This is not careless talk, it is a brutal and calculated expression of power. Trump’s threats to arrest and deport critics such as Zohran Mamdani reveal his willingness to use the machinery of the state for political extermination. His targets are predictable: immigrants, Black people, educators, journalists, LGBTQ+ individuals, and anyone who dares to challenge his white Christian nationalist, neoliberal, and white supremacist vision. His language does not merely offend, it incites harm, enacts repression, and opens the gates to state-sanctioned violence. It extends the reign of terror across the United States by labeling protesters as terrorists and deploying the military to American cities, treating them as if they were “occupied territories.” 

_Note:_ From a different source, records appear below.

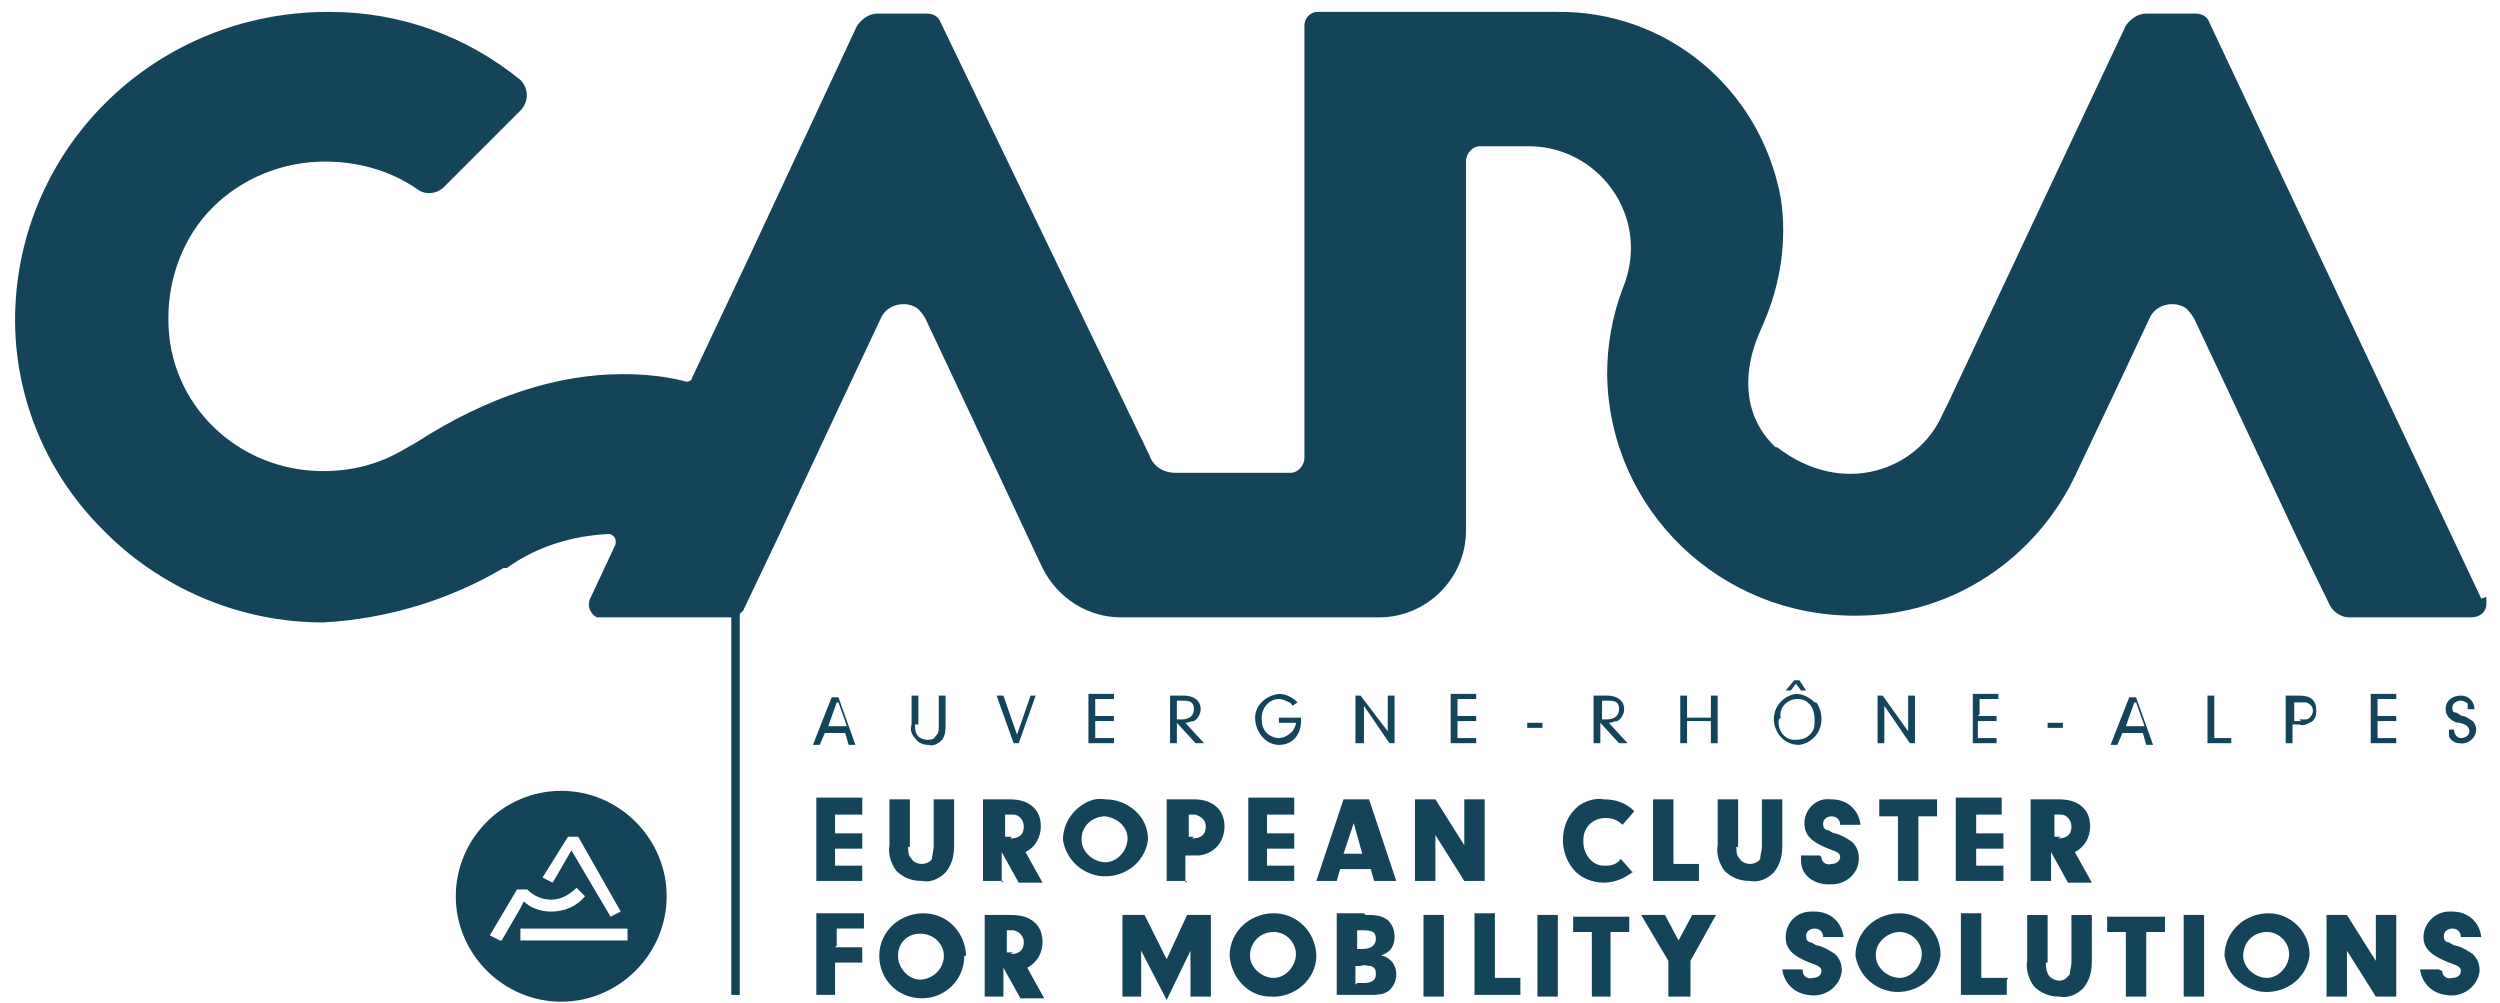 <?xml version="1.0" encoding="UTF-8"?>
<svg xmlns="http://www.w3.org/2000/svg" id="Calque_1" version="1.1" viewBox="0 0 147 59">
  <defs>
    <style>
      .st0 {
        fill: #134459;
      }
    </style>
  </defs>
  <path class="st0" d="M145.9,35.2L129.9,1.3c-.1-.3-.4-.5-.8-.5h-2.9c-.5,0-.9.3-1.2.7l-10.5,22.3-.3.6c-1.4,3.2-5.8,4.9-9.7,1.9h-.1c-2.1-2-1.8-4.7-1-6.6l.3-.7c1-2.3,1.4-4.9,1-7.4-1.2-6.4-6.7-11-13.2-10.9h-14c-.5,0-.8.4-.8.8v25.4c0,.5-.4.9-.8.9h-6.8c-.7,0-1.3-.4-1.5-1L55.3,1.3c-.1-.3-.4-.5-.8-.5h-2.9c-.5,0-.9.3-1.2.7l-6.3,13.5-1.7,3.6-1.7,3.6c0,.2-.3.3-.5.2-1.2-.3-2.4-.4-3.6-.4-3.8,0-7.9,1.3-12.1,4l-.7.4c-1.5.9-3.1,1.3-4.8,1.3h0c-5,0-9.1-3.9-9.1-8.9,0,0,0,0,0-.1,0-2.4.9-4.8,2.6-6.5,1.7-1.7,4.1-2.7,6.6-2.7,1.9,0,3.8.5,5.4,1.6.5.4,1.2.3,1.6-.1l4.5-4.5c.5-.5.5-1.3,0-1.8,0,0,0,0,0,0-3.2-2.6-7.1-4-11.2-4h-.1C9.3.7,1.3,8.4.9,18.1c-.2,4.9,1.7,9.6,5.1,13,3.4,3.5,8.1,5.5,13,5.5,3.7-.2,7.4-1.3,10.6-3.2h.2c1.8-1.3,3.9-1.9,6-2,.2,0,.4.2.4.4,0,0,0,.1,0,.2l-1.5,3.2c-.2.4,0,.9.4,1.1.1,0,.2,0,.4,0h7.3c0,0,.1,0,.2,0v22.2h.5v-22.4c0,0,.1-.1.2-.2l2-4.2,3.7-7.9,2.4-5.1c.3-.7,1.2-1,1.9-.7.3.1.5.4.7.7l2.4,5.1,3.7,7.9.8,1.7c.9,1.8,2.7,2.9,4.6,2.9h15.2c2.8,0,5.1-2.3,5.1-5.1,0,0,0,0,0,0V9.5c0-.5.4-.9.8-.9,0,0,0,0,0,0h2.9c3.3,0,6,2.7,6,6,0,.8-.2,1.7-.5,2.4-.6,1.6-.9,3.3-.9,5,.1,8,6.7,14.3,14.7,14.2,5.6,0,10.6-3.4,12.9-8.4l1.9-4,2.4-5.1c.3-.7,1.2-1,1.9-.7.3.1.5.4.7.7l2.4,5.1,3.7,7.9,1.9,3.9c.2.4.7.7,1.1.7h7.2c.5,0,.9-.3.9-.8,0-.1,0-.3,0-.4h0Z"></path>
  <path class="st0" d="M49.1,49h1.6v.9h-1.6v1h1.6v.9h-2.7v-4.9h2.7v1h-1.6v1ZM53.4,49.8c0,.3,0,.5.2.7.1.2.4.3.6.3.2,0,.5-.1.6-.3,0-.2.1-.5.1-.7v-2.8h1.2v2.7c0,.6-.1,1.1-.5,1.6-.4.4-.9.6-1.4.5-.6,0-1.1-.2-1.5-.6-.3-.4-.5-1-.4-1.5v-2.7h1.2v2.8ZM59,51.8h-1.2v-4.8h1.5c.6,0,1.1.1,1.5.5.3.3.4.7.4,1.1,0,.6-.3,1.2-.9,1.5l1,1.8h-1.4l-1-1.8v1.8ZM59.4,49.3c.5,0,.8-.2.8-.7,0-.4-.3-.7-.6-.7,0,0,0,0,0,0h-.5v1.3h.4ZM67.5,49.4c-.2,1.4-1.5,2.3-2.9,2.1-1.1-.2-1.9-1-2.1-2.1,0-.7.3-1.4.9-1.9.5-.4,1-.6,1.6-.5,1.3,0,2.5,1,2.5,2.3,0,0,0,0,0,.1ZM63.6,49.4c0,.7.7,1.3,1.4,1.3.7,0,1.3-.7,1.3-1.4,0-.7-.6-1.2-1.3-1.3-.8,0-1.4.6-1.4,1.3,0,0,0,0,0,0h0ZM69.8,51.8h-1.2v-4.8h1.6c1.1,0,1.8.6,1.8,1.6,0,.9-.6,1.6-1.5,1.7,0,0-.1,0-.2,0h-.6v1.6ZM70.1,49.3c.5,0,.8-.2.8-.7,0-.4-.3-.6-.6-.7,0,0,0,0,0,0h-.4v1.3h.3ZM74.5,49h1.6v.9h-1.6v1h1.6v.9h-2.7v-4.9h2.7v1h-1.6v1ZM78.8,51.1l-.2.7h-1.2l1.6-4.8h1.5l1.6,4.8h-1.3l-.2-.7h-1.7ZM79.6,48.4l-.6,1.8h1.1l-.5-1.8ZM84.4,51.8h-1.2v-4.8h1.2l1.7,2.7v-2.7h1.2v4.8h-1.2l-1.7-2.7v2.8ZM96.1,51.2c-.5.4-1.1.7-1.8.7-.7,0-1.4-.3-1.8-.8-.4-.5-.6-1.1-.6-1.7,0-.8.3-1.5.9-2,.4-.3,1-.5,1.5-.4.7,0,1.3.2,1.8.7l-.7.8c-.3-.3-.6-.4-1-.4-.7,0-1.3.5-1.3,1.3,0,0,0,0,0,.1,0,.7.5,1.4,1.2,1.4,0,0,0,0,.1,0,.4,0,.7-.1.9-.4l.7.8ZM99.9,50.9v.9h-2.7v-4.8h1.2v3.8h1.5ZM102.1,49.8c0,.3,0,.5.2.7.1.2.4.3.6.3.2,0,.5-.1.6-.3,0-.2.1-.5.1-.7v-2.8h1.2v2.7c0,.6-.1,1.1-.5,1.6-.4.4-.9.6-1.4.5-.6,0-1.1-.2-1.5-.6-.3-.4-.5-1-.4-1.5v-2.7h1.2v2.8ZM107.1,50.4s0,0,0,0c0,.3.3.5.6.4.3,0,.5-.2.5-.4s-.1-.3-.7-.5c-1-.4-1.4-.8-1.4-1.5,0-.8.7-1.5,1.5-1.4,0,0,0,0,.1,0,.9,0,1.6.6,1.7,1.5,0,0,0,0,0,0h-1.2c0-.3-.2-.5-.5-.5,0,0,0,0,0,0-.3,0-.5.2-.5.4,0,.2,0,.3.2.4.2,0,.3.2.5.2.4.1.7.3,1,.5.3.3.4.6.4,1,0,.8-.7,1.5-1.6,1.5,0,0-.1,0-.2,0-.8,0-1.6-.5-1.6-1.4,0,0,0-.2,0-.3h1.1ZM112.8,51.8h-1.2v-3.8h-1.1v-1h3.4v1h-1.1v3.8ZM116.2,49h1.6v.9h-1.6v1h1.6v.9h-2.8v-4.9h2.7v1h-1.5v1ZM120.6,51.8h-1.2v-4.8h1.6c.6,0,1.1.1,1.5.5.3.3.4.7.4,1.1,0,.6-.3,1.2-.9,1.5l1,1.8h-1.4l-1-1.8v1.9ZM121,49.3c.5,0,.8-.2.8-.7,0-.4-.3-.7-.6-.7,0,0,0,0,0,0h-.4v1.3h.4ZM49.1,55.7h1.6v.9h-1.6v1.9h-1.1v-4.8h2.8v.9h-1.6v1ZM56.7,56.2c0,1.4-1.1,2.5-2.5,2.5s-2.5-1.1-2.5-2.5c0-.7.3-1.4.9-1.9.5-.4,1.1-.6,1.7-.6,1.3,0,2.4,1,2.5,2.4,0,0,0,0,0,.1ZM52.8,56.2c0,.7.6,1.4,1.3,1.4s1.4-.6,1.4-1.4h0c0-.7-.6-1.3-1.4-1.3s-1.3.6-1.3,1.3ZM59,58.6h-1.1v-4.8h1.5c.6,0,1.1.1,1.5.5.3.3.4.7.4,1.1,0,.6-.3,1.2-.9,1.5l1,1.8h-1.4l-1-1.8v1.8ZM59.4,56.1c.5,0,.8-.2.8-.7,0-.3-.2-.6-.6-.7,0,0,0,0,0,0h-.4v1.3h.4ZM67.2,58.6h-1.2v-4.8h1.3l1.3,2.6,1.2-2.6h1.4v4.8h-1.2v-2.7l-1.4,2.9-1.5-2.9v2.7ZM77.4,56.2c0,1.4-1.3,2.5-2.7,2.4-1.3,0-2.3-1.1-2.4-2.4,0-.7.3-1.4.9-1.9.5-.4,1.1-.6,1.7-.6,1.3,0,2.4,1,2.5,2.4,0,0,0,0,0,.1ZM73.5,56.2c0,.7.7,1.3,1.4,1.3.7,0,1.3-.7,1.3-1.4,0-.7-.6-1.3-1.3-1.3-.8,0-1.4.6-1.4,1.4,0,0,0,0,0,0h0ZM80.3,53.8c.5,0,.9,0,1.3.3.3.3.4.6.4,1,0,.3-.1.6-.3.8-.1.1-.3.2-.5.3.2,0,.4.1.6.3.2.2.3.5.3.8,0,.4-.2.8-.5,1-.3.2-.7.2-1,.2h-2v-4.8h1.6ZM79.8,55.8h.3c.5,0,.8-.2.8-.6s-.2-.5-.8-.5h-.3v1.1ZM79.8,57.8h.4c.5,0,.7-.2.7-.5,0-.2,0-.4-.3-.5-.2,0-.4-.1-.6,0h-.3v1.1ZM84.9,58.6h-1.2v-4.8h1.2v4.8ZM89.4,57.6v.9h-2.7v-4.8h1.2v3.8h1.5ZM91.6,58.6h-1.2v-4.8h1.2v4.8ZM94.8,58.6h-1.2v-3.8h-1.1v-.9h3.3v.9h-1.1v3.8ZM99.3,58.6h-1.2v-2.1l-1.6-2.7h1.4l.8,1.5.8-1.5h1.4l-1.5,2.7v2.1ZM106,57.1s0,0,0,0c0,.3.3.5.6.4.2,0,.5-.1.5-.4,0-.2-.1-.3-.7-.5-1-.4-1.4-.8-1.4-1.5,0-.8.6-1.5,1.5-1.5,0,0,.1,0,.2,0,.9,0,1.6.6,1.7,1.5,0,0,0,0,0,0h-1.2c0-.3-.2-.5-.5-.5,0,0,0,0,0,0-.3,0-.5.2-.5.4,0,.2,0,.3.2.4.2,0,.3.2.5.2.4.1.7.3,1,.5.3.3.4.6.4,1-.1.9-1,1.6-2,1.4-.8-.1-1.4-.7-1.5-1.5h1.2ZM114.1,56.2c-.2,1.4-1.5,2.3-2.9,2.1-1.1-.2-1.9-1-2.1-2.1,0-.7.3-1.4.9-1.9.5-.4,1.1-.6,1.7-.6,1.3,0,2.4,1.1,2.4,2.4,0,0,0,0,0,0ZM110.3,56.2c0,.7.7,1.3,1.4,1.3.7,0,1.3-.7,1.3-1.4,0-.7-.6-1.3-1.3-1.3-.7,0-1.4.6-1.4,1.3,0,0,0,0,0,0h0ZM118,57.6v.9h-2.7v-4.8h1.2v3.8h1.6ZM120.3,56.6c0,.3,0,.5.2.8.3.3.8.4,1.1,0,0,0,0,0,.1-.1,0-.2.1-.5.1-.7v-2.8h1.2v2.7c0,.6-.1,1.1-.5,1.6-.4.4-.9.6-1.4.5-.6,0-1.1-.2-1.5-.6-.3-.4-.5-1-.4-1.5v-2.7h1.2v2.8ZM126.2,58.6h-1.2v-3.8h-1.1v-.9h3.4v.9h-1.1v3.8ZM129.6,58.6h-1.2v-4.8h1.2v4.8ZM135.8,56.2c-.2,1.4-1.5,2.3-2.9,2.1-1.1-.2-1.9-1-2.1-2.1,0-.7.3-1.4.9-1.9.5-.4,1.1-.6,1.7-.6,1.3,0,2.4,1.1,2.4,2.4,0,0,0,0,0,0ZM131.9,56.2c0,.7.7,1.3,1.4,1.3.7,0,1.3-.7,1.3-1.4,0-.7-.6-1.3-1.3-1.3-.8,0-1.4.6-1.4,1.4,0,0,0,0,0,0h0ZM138,58.6h-1.2v-4.8h1.2l1.7,2.7v-2.7h1.2v4.8h-1.2l-1.7-2.7v2.7ZM143.6,57.1s0,0,0,0c0,.3.3.5.6.4.2,0,.5-.1.5-.4,0-.2-.1-.3-.7-.5-1-.4-1.5-.8-1.5-1.5,0-.8.7-1.5,1.5-1.5,0,0,.1,0,.2,0,.9,0,1.6.6,1.7,1.5,0,0,0,0,0,0h-1.2c0-.3-.2-.5-.5-.5,0,0,0,0,0,0-.3,0-.5.2-.5.4,0,.2,0,.3.2.4.2,0,.3.2.5.2.4.1.7.3,1,.5.3.3.4.6.4,1-.1.9-1,1.6-2,1.4-.8-.1-1.4-.7-1.5-1.5h1.1ZM33,46.5c-3.4,0-6.2,2.8-6.2,6.2,0,3.4,2.8,6.2,6.2,6.2,3.4,0,6.2-2.8,6.2-6.2,0,0,0,0,0,0,0-3.4-2.8-6.2-6.2-6.2ZM33.4,49.2h.6l2.5,4.4-.6.3-2.3-3.9-1.1,1.9-.6-.3,1.5-2.4ZM29.4,55.3l-.6-.3,1.6-2.7h.6c.4.4.9.6,1.4.6.6,0,1.1-.3,1.5-.7l.5.5c-.5.6-1.2.9-2,.9-.6,0-1.2-.2-1.6-.6l-.2.4-1.1,1.9ZM36.9,55.3h-6.3v-.7h6.3v.7ZM48.5,43.1l-.3.7h-.4l1.1-2.8h.4l1,2.8h-.4l-.2-.7h-1.2ZM49.2,41.3l-.5,1.4h1.1l-.5-1.4ZM53.8,42.6c0,.2,0,.5.2.7.1.1.3.2.5.2.2,0,.4,0,.5-.2.2-.2.2-.3.2-.7v-1.7h.4v1.7c0,.3,0,.6-.2.9-.2.2-.5.4-.8.3-.3,0-.6-.1-.8-.4-.2-.2-.3-.5-.2-.8v-1.7h.4v1.7ZM60.5,40.9h.4l-1,2.8h-.3l-1-2.8h.4l.8,2.3.8-2.3ZM64.4,42.1h1.1v.3h-1.1v1h1.1v.3h-1.5v-2.9h1.5v.3h-1.1v.9ZM69.2,43.7h-.4v-2.8h.8c.6,0,1,.3,1,.8,0,.3-.2.6-.4.7-.2,0-.3.1-.5.1l1.1,1.2h-.5l-1.1-1.2v1.2ZM69.5,42.3c.4,0,.7-.2.7-.6s-.2-.5-.6-.5h-.4v1.1h.4ZM76.5,42.2v.2c0,.8-.5,1.4-1.3,1.4,0,0,0,0,0,0-.8,0-1.4-.8-1.4-1.6,0-.7.6-1.3,1.4-1.4.4,0,.8.2,1.1.5l-.3.2c0,0-.1-.2-.2-.2-.2-.1-.4-.2-.6-.2-.6,0-1.1.6-1,1.3,0,.6.5,1,1,1,.3,0,.6-.2.8-.4.1-.2.2-.3.2-.5h-1v-.3h1.4ZM80.1,43.7h-.4v-2.8h.3l1.6,2.1v-2.1h.4v2.8h-.3l-1.5-2.2v2.2ZM85.7,42.1h1.1v.3h-1.1v1h1.1v.3h-1.5v-2.9h1.5v.3h-1.1v.9ZM90.7,42.8h-.9v-.3h.9v.3ZM94.1,43.7h-.4v-2.8h.8c.6,0,1,.3,1,.8,0,.3-.2.6-.4.7-.2,0-.3.1-.5.1l1.1,1.2h-.5l-1.1-1.2v1.2ZM94.5,42.3c.4,0,.7-.2.7-.6s-.2-.5-.6-.5h-.4v1.1h.4ZM99.2,43.7h-.4v-2.8h.4v1.3h1.4v-1.3h.4v2.8h-.4v-1.3h-1.4v1.3ZM106.8,41.3c.2.3.3.6.3,1,0,.8-.6,1.4-1.3,1.5-.5,0-.9-.2-1.2-.6-.2-.3-.3-.6-.3-.9,0-.8.6-1.4,1.3-1.5,0,0,0,0,0,0,.4,0,.8.2,1.1.5h0ZM104.6,42.3c-.1.5.2,1.1.8,1.2.4,0,.8,0,1.1-.4.2-.2.2-.5.2-.8,0-.3-.1-.7-.3-.9-.2-.2-.4-.3-.7-.3-.6,0-1.1.5-1,1.1,0,0,0,0,0,0ZM105.3,40.6h-.3l.5-.6h.3l.4.6h-.3l-.3-.4-.3.4ZM110.7,43.7h-.3v-2.8h.3l1.5,2.1v-2.1h.4v2.8h-.3l-1.5-2.2v2.2ZM116.3,42.1h1.1v.3h-1.1v1h1.1v.3h-1.4v-2.9h1.5v.3h-1.1v.9ZM121.3,42.8h-.9v-.3h.9v.3ZM124.8,43.1l-.3.7h-.4l1.1-2.8h.4l1,2.8h-.4l-.2-.7h-1.2ZM125.5,41.3l-.5,1.4h1.1l-.5-1.4ZM131.2,43.4v.3h-1.4v-2.8h.4v2.5h1ZM134.8,43.7h-.4v-2.8h.8c.7,0,1,.3,1,.9,0,.3-.1.6-.4.7-.2.1-.4.2-.6.1h-.4v1.1ZM135.2,42.3c.1,0,.2,0,.4,0,.2,0,.4-.3.4-.5,0-.2-.1-.4-.4-.5-.1,0-.3,0-.4,0h-.3v1.1h.4ZM139.8,42.1h1.1v.3h-1.1v1h1.1v.3h-1.5v-2.9h1.5v.3h-1.1v.9ZM144.3,42.9c0,.3.2.5.4.5,0,0,0,0,0,0,.3,0,.5-.2.5-.4,0,0,0,0,0,0,0-.2-.1-.4-.6-.5-.2,0-.4-.1-.6-.3-.1-.1-.2-.3-.2-.5,0-.5.4-.8.9-.8.5,0,.8.4.8.8h-.4c0-.1,0-.2,0-.3,0-.1-.3-.2-.4-.2-.3,0-.5.2-.5.4,0,0,0,0,0,0,0,.1,0,.3.2.3.1,0,.3.2.4.2.2,0,.4.2.6.3.1.1.2.3.2.5,0,.5-.5.9-1,.8-.3,0-.5-.2-.6-.4,0-.1,0-.2,0-.4h0c0,0,.3,0,.3,0Z"></path>
</svg>

Trump is not alone. Many of his MAGA follower use these same hateful discourse. For instance, conservative pundit Ann Coulter wrote “in response to a speech by Melanie Yazzie, a Native artist and professor, about decolonization, “We didn’t Kill enough Indians.” This is not simply harsh rhetoric; nor is it a performative display of emboldened hatred and historical forgetting, it sets the stage for state-sanctioned repression and mass violence. What is at stake is more than civic respect. It is democracy itself. When language loses meaning and truth is blurred, tyranny thrives. Trump’s and too much of MAGA discourse is not about persuasion; it is about dehumanization and domination. It functions as statecraft, laying the groundwork for a society where suffering becomes spectacle and repression masquerades as law and order. Language is the canary in the coal mine, warning us that democracy dies without an informed citizenry.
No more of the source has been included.